Psychological development of any child will be affected by a number of social issues that one is exposed to, as early as when the brain is fully developed. My childhood experiences were bitter, having suffered from disease at an early age and being that my mother was a single parent after divorce. A child’s life is defined by the age of 7, according to Erikson, however I feel mine began when I was only 6 years old. That is when self-concept and defining what their world is going to be and in turn this is ultimately what shapes their thoughts and behavior. Study by Gobbo and Raccanello, (2011) show that the way an individual narrates past events is associated with the manner in which one copes with negative events in life. Negative events affect the psychological wellbeing and as such, it would be significant to devise ways to positively influence children’s perception, (93).

When I was 6 year old, I was diagnosed with a debilitating, enigmatic disease. I was in the first grade when my grandmother took over the role as caretaker while my mother went off to work. My grandma would get me out of bed, get me dressed, prepare breakfast and send me to school. However, I sincerely believe that handling my situation was not an easy task. Conceptualization of life events in the development of a child can take two divergent courses depending on experiences of wellbeing or suffering. According to Morris as quoted by Gobbo and Raccanello, (2011), “Convergent results supported validity of data indicating that narratives ecologically capture some aspects of children’s perception and provide some hints on the way they give meaning to their experiences,” (392). I was a stubborn child and to be honest, I believe I was affected by the divorce of my parents. In some aspects, there was a regression in some stages of my development in what Mcleod, (2007) calls ideal self not being compatible with real self.

I had to deal with neuroticism also due with the fact that I had lost my sense of autonomy and no longer had control of my life. This seemed to have affected my psychological and physical development. It was early in the morning on a school day and I remember sitting at my desk coloring and then without warning, I felt an unspeakable rash that spread over my body like a wild fire. I went to the teacher and she was not sure what to think and sent me straight to the school nurse. I became feverish, chilled and very lethargic. My body looked as though I was rolled in a bowl of poison oak.

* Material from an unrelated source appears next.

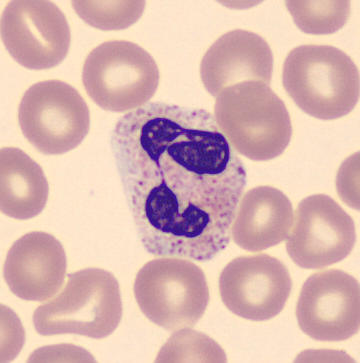 Acquisition: MGG stain · 360 by 363 pixels · peripheral blood film. Showing a polymorphonuclear neutrophil.

I remembered next that my mother came back early from job and took me home. The following day I was awakened by horrific pain, only to find that I was in hospital bed. My mother and grandparents were aghast by the suffering I went through. I was quickly taken to the emergency room and was admitted in the hospital. Years later, later I finally diagnosed with Juvenile Rheumatoid Arthritis. Not many had heard of the disease and frankly for the most part doctors did not know how to treat the disease because it was an unknown medical condition. I was in and out of hospital for quite some time and as such, my education was compromised. Attempts by my educator to give me home-based schooling bore no fruit, as I could not retain anything. Research by development psychologists show that body conditions like effects of diseases is more related to suffering whereas wellbeing of is determined by emotional events. Gobbo and Raccanello, (2011) Children aged 9 year and above normally narrate psychological aspects of their suffering rather than physical events, (392). This is a true definition of what I encountered that stuck to my mind until today.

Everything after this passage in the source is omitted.